Despite promising progress with hardware prototypes^{28,29,30,31,32}, large-scale probabilistic computing using stochastic nanodevices remains elusive. As we will establish in this paper, designing purely CMOS-based high-performance probabilistic computers suited to sampling and optimization problems is prohibitive beyond a certain scale (>1M p-bits) due to the large area and energy costs of pseudorandom number generators. As such, any large-scale integration of probabilistic computing will involve strong integration with CMOS technology in the form of CMOS+X architectures. Given the unavoidable device-to-device variability, the interplay between continuously fluctuating stochastic nanodevices (e.g., sMTJs) with deterministic CMOS circuits and the possible applications of such hybrid circuits remain unclear.

In this paper, we first introduce the notion of a heterogeneous CMOS + sMTJ system where the asynchronous dynamics of sMTJs control digital circuits in a standard CMOS field programmable gate array (FPGA). We view the FPGA as a “drop-in replacement” for eventual integrated circuits where sMTJs could be situated on top of CMOS. Unlike earlier implementations where sMTJs were primarily used to implement neurons and CMOS or analogue components circuits for synapses^28,29, we design hybrid circuits where sMTJ-based p-bits control a large number of digital circuits residing in the FPGA without dividing the system into neurons (sMTJ) and synapses (CMOS). We show how the true randomness injected into deterministic CMOS circuits augments low-quality random number generators based on linear feedback shift registers (LFSR). This result represents an example of how sMTJs could be used to reduce footprint and energy consumption in the CMOS underlayer. In this work, we present a small example of a CMOS + sMTJ system, however, similar systems can be scaled up to much bigger densities, leveraging the proven manufacturability of magnetic memory at gigabit densities. Our results will help lay the groundwork for larger implementations in the presence of unavoidable device-to-device variations. We also focus beyond the common use case of combinatorial optimization of similar physical computers³³, considering probabilistic inference and learning in deep energy-based models.

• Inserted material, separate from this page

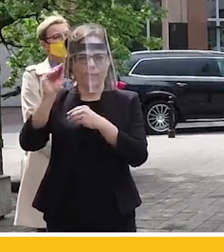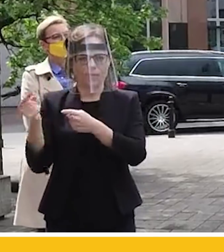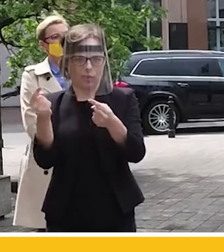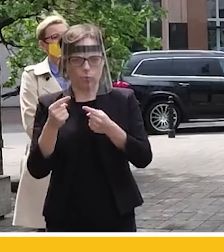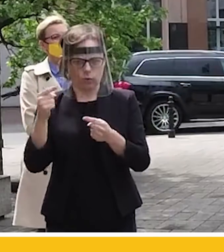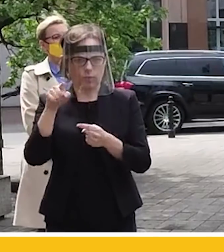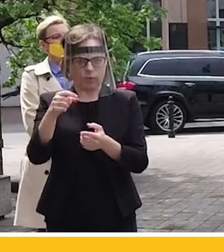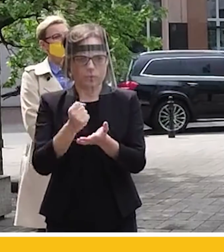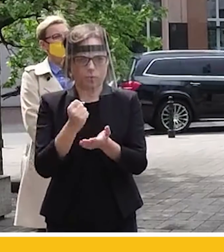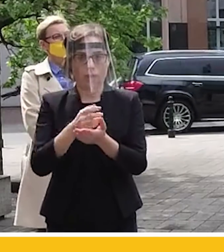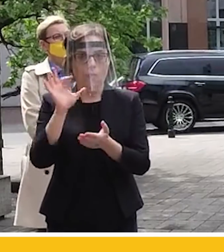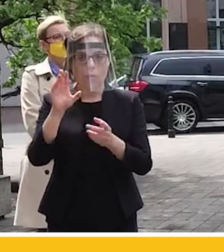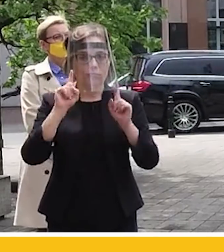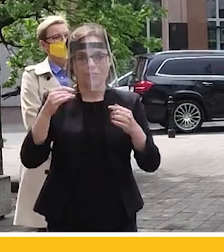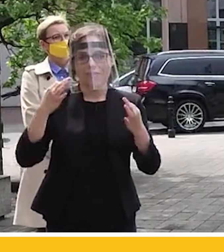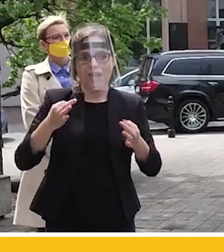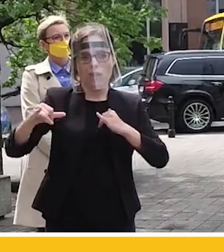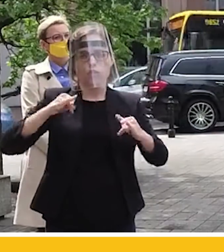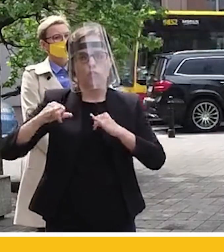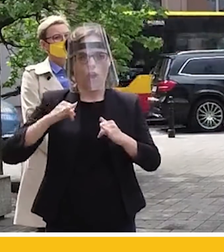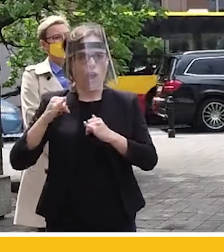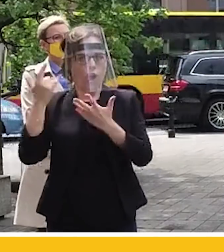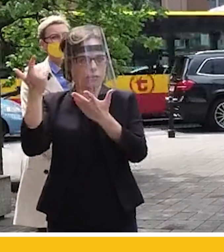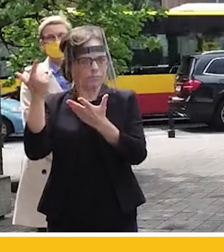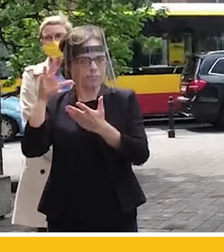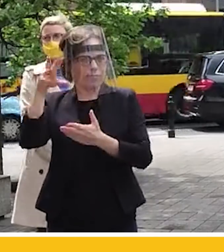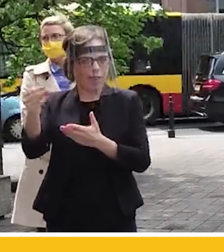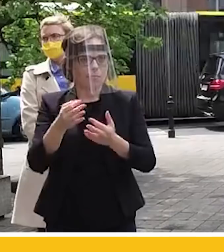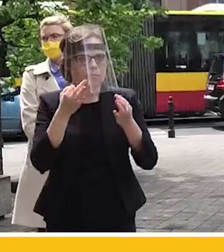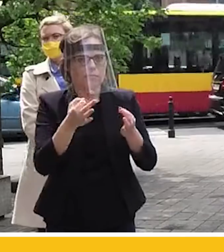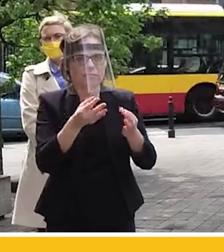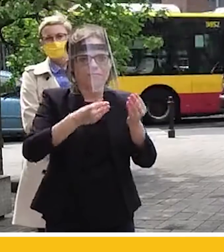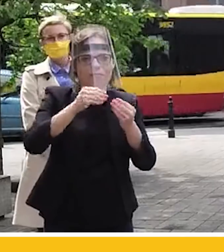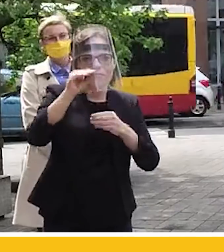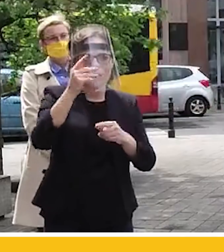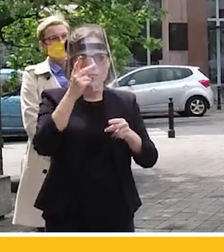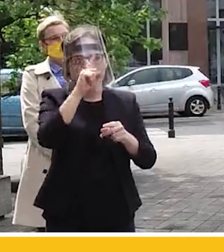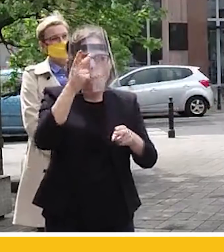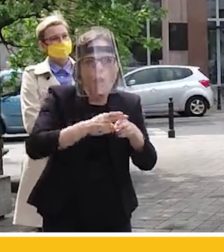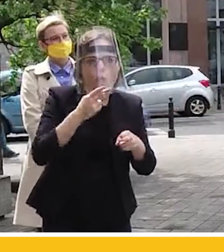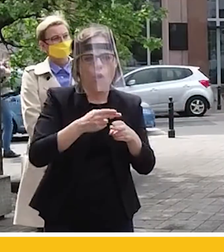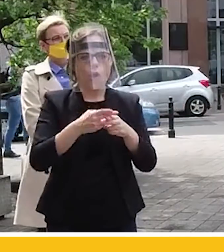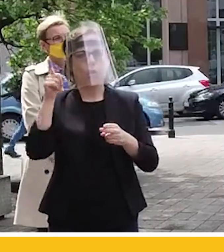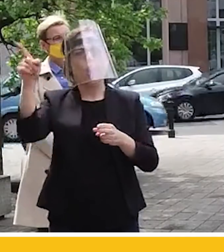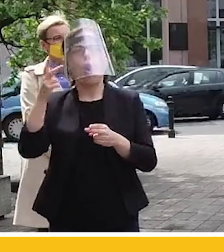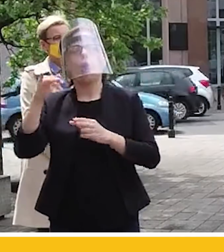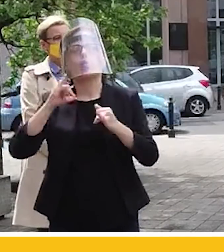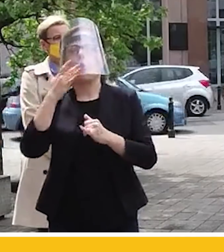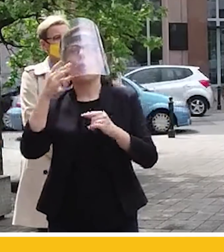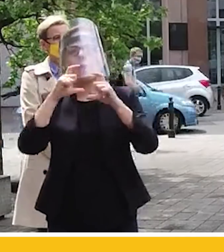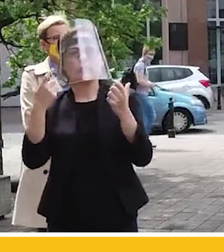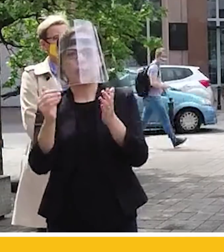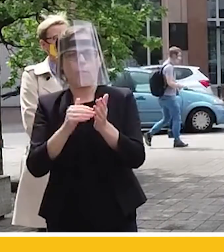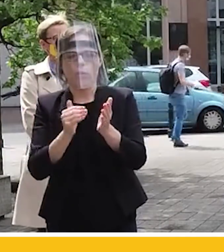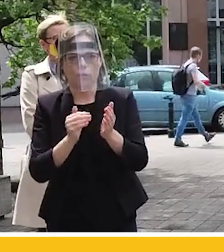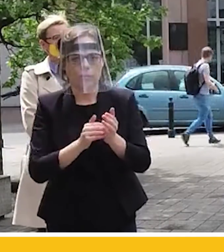trudno naprawdę nadążyć zarządem, który w momencie, w którym rośnie dramatycznie liczba zakażeń, mówi, że maseczki nie są potrzebne, kiedy się

Specifically, we use our system to train 3-hidden 1-visible layer deep and unrestricted Boltzmann machines that entirely rely on the asynchronous dynamics of the stochastic MTJs. Second, we evaluate the quality of randomness directly at the application level through probabilistic inference and deep Boltzmann learning. This approach contrasts with the majority of related work, which typically conducts statistical tests at the single device level to evaluate the quality of randomness^{21,34,35,36,37,38} (see Supplementary Notes VIII, XI, and XII for more randomness experiments). As an important new result, we find that the quality of randomness matters in machine learning tasks as opposed to optimization tasks that have been explored previously. Finally, we conduct a comprehensive benchmark using an experimentally calibrated 7-nm CMOS PDK and find that when the quality of randomness is accounted for, the sMTJ-based p-bits are about four orders of magnitude smaller in area and they dissipate two orders of magnitude less energy, compared to CMOS p-bits. We envision that large-scale CMOS + X p-computers (>>10⁵) can be a reality in scaled-up versions of the CMOS + sMTJ type computers we discuss in this work.

Constructing the heterogeneous p-computer

Figure 1 shows a broad overview of our sMTJ-FPGA setup along with device and circuit characterization of sMTJ p-bits. Unlike earlier p-bit demonstrations with sMTJs as standalone stochastic binary neurons, in this work, we use sMTJ-based p-bits to generate asynchronous and truly random clock sources to drive digital p-bits in the FPGA (Fig. 1a–c).

**Fig. 1: Experimental setup for the CMOS + sMTJ probabilistic computer.**

The conductance of the sMTJ depends on the relative angle θ between the free and the fixed layers, ${G}_{{{{{{{{\rm{MTJ}}}}}}}}}\propto [1+{P}^{2}\cos (\theta )]$, where P is the interfacial spin polarization. When the free layer is made out of a low barrier nanomagnet θ becomes a random variable in the presence of thermal noise, causing conductance fluctuations between the parallel (P) and the antiparallel (AP) states (Fig. 1d).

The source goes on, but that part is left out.